Europe’s technology ecosystem is at a “crossroads,” and if it wants to keep the pace of progress, sustained investment in sectors such as climate tech, artificial intelligence (AI), and defence will “define Europe’s next decade,” venture capital firm Atomico warned in its State of European Tech 2025 report.
Yet, the report states that Europe has the talent and innovation but that Europe lacks “alignment between ambition and commitment”. It is calling for Europe to power its first trillion-euro company.
“Sovereignty in technology isn’t about protectionism, it’s about agency and choice – building the capability, confidence and capital to shape the future, while retaining the freedom to act independently and lead on Europe’s own terms,” Tom Wehmeier, partner and head of intelligence at Atomico, said.
The annual report uses public data and a survey of approximately 2,500 players in the tech industry to give a snapshot of where the continent is with technological advancement.
Europe’s funding landscape has already moved towards AI dominance, with 31 per cent of all funding raised in 2025 going to AI or machine learning companies, the report found.
The single biggest European investment in 2025 was from French AI company Mistral AI with e $2 billion (€1.73 billion). This was followed by $1.1 billion (€952 million) raised by data centre start-up Nscale.
AI coding companies have also seen rapid growth in Europe.
Swedish start-up Lovable reached a $1 billion (€865 million) valuation in just six months since its debut.
The report said that other AI companies poised for global market leadership are Synthesia, the AI video content platform, and n8n, an AI workflow company.
Defence tech
Another tech industry that is seeing growth is in defence, the report said. Overall, technology advances in defence attracted $1.6 billion (€1.38 billion) this year, up from $1 billion (€865 million)in 2024, which is “well above any level of investment” that the sector has brought in the past decade.
A third of Europe’s defence investments went to a single company: Helsing, the German firm that uses AI in its drones and submarines.
Other defence contractors, Isar Aerospace, Cambridge Aerospace, Quantum Systems and Roark Aerospace also saw large funding rounds this year.

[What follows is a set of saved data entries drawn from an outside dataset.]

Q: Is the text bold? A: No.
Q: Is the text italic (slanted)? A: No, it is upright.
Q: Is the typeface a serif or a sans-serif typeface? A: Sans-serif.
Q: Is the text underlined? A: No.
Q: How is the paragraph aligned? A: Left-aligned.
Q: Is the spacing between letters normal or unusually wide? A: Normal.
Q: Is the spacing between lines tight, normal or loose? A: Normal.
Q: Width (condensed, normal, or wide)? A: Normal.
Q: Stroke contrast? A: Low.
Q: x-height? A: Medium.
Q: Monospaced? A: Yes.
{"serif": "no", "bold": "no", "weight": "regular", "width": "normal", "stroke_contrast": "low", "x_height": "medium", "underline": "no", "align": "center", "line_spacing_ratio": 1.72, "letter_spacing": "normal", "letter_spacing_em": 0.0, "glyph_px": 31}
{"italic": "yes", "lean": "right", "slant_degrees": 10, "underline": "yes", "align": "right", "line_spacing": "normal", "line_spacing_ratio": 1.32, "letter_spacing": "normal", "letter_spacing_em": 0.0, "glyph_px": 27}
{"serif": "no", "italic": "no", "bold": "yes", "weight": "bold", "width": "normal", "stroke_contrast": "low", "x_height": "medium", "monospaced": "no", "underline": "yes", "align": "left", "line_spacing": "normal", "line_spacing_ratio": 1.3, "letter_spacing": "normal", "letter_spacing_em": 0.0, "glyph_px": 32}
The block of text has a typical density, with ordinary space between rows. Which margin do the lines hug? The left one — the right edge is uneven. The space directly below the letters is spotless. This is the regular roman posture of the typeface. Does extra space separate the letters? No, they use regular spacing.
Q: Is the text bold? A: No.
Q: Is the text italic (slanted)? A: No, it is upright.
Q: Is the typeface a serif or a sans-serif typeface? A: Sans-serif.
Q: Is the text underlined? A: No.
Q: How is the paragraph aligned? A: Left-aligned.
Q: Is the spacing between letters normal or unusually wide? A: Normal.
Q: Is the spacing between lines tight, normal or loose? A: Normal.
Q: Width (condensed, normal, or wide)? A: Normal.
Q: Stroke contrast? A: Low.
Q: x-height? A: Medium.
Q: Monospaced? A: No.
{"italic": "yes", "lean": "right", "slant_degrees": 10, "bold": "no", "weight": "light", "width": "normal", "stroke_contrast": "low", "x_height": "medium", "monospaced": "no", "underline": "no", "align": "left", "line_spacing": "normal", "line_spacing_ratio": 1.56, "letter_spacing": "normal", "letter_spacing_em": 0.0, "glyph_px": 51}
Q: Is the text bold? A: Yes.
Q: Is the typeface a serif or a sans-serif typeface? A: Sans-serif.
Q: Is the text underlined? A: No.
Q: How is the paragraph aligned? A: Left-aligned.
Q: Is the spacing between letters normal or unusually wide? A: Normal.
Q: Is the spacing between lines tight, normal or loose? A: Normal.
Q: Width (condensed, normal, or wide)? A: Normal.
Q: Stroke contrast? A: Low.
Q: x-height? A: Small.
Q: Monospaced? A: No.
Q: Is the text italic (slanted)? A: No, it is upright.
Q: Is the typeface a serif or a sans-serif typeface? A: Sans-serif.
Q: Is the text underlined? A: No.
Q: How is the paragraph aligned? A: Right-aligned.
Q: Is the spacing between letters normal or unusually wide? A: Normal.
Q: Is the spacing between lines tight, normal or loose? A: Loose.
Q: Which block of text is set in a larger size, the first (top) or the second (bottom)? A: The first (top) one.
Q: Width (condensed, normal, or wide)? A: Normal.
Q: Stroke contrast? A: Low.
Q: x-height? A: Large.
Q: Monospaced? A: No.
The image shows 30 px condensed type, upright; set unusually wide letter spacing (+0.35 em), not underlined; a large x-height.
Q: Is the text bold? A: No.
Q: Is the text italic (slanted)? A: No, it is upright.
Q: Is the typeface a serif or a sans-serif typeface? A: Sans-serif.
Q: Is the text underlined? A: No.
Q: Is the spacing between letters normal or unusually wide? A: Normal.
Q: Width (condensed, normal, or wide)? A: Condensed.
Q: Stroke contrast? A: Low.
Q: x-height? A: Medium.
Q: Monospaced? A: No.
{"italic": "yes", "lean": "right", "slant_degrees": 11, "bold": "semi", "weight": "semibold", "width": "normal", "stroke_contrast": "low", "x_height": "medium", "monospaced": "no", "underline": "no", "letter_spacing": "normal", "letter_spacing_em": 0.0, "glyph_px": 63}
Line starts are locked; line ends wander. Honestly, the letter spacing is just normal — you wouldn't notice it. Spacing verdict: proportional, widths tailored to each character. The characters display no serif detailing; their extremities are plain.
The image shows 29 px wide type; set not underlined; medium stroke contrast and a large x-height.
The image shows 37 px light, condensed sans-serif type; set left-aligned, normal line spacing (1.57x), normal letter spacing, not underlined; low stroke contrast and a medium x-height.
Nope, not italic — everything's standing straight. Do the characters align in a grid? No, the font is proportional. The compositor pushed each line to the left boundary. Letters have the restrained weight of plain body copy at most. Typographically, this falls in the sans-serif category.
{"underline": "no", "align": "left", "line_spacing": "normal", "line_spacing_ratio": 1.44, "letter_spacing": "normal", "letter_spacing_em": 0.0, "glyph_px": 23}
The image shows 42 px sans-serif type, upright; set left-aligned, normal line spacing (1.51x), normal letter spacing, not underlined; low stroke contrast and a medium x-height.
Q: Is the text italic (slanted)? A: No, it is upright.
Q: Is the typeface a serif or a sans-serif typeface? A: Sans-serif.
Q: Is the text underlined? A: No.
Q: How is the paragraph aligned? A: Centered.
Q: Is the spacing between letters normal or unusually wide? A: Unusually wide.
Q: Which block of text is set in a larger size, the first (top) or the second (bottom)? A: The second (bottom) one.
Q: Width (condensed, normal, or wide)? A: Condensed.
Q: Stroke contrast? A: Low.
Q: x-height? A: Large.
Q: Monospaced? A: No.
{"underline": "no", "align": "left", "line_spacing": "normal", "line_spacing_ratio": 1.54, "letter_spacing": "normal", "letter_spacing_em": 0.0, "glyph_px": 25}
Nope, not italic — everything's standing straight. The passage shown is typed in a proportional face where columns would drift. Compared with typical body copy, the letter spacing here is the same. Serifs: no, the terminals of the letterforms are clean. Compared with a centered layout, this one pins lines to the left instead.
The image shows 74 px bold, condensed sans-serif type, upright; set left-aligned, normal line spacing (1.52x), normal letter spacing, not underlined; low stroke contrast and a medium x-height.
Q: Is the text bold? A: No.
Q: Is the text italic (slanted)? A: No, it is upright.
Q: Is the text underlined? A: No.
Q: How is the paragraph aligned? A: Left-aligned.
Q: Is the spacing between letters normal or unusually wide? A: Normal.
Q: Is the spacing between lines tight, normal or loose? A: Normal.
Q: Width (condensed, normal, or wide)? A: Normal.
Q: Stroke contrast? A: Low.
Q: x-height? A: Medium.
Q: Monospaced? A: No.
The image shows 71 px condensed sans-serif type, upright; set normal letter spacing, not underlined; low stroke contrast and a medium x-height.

Still, the report noted that the funding that European defence tech has been able to raise goes into a more diverse set of companies than in the United States, which means the economy operates at a smaller scale.
More talent, research funding needed to keep up
To keep up the pace of development, the report advises that Europe must continue recruiting the world’s top AI talent.
The continent is already doing that, it says, with a talent base that is expanding by 22 per cent every year since 2016.
The report also said the bloc needs to match the way that the US is investing in technology research and development. While the EU invests roughly the same amount in dollar figures as its American counterparts, Europe’s research investors are concentrated in industrial and manufacturing sectors instead of in software and AI.
“This matters because it shapes where innovation happens,” the report said, adding that most of the money is tied up in “legacy sectors” instead of “digital infrastructure, compute or deep tech capabilities”.
More investment is also needed in computing power to compete with the US and China, which together hold 87 per cent of the world’s computing graphics processing units (GPUs).
“Europe’s mission has never been stronger. The talent, ambition, and ideas are all in place. What’s missing are the conditions to match that potential: simpler regulation, more patient capital, and public commitment,” said Sarah Guemouri, principal at Atomico.
“This year’s report is our blueprint for change, because the next decade will decide whether Europe leads the next tech era or lets others define it”.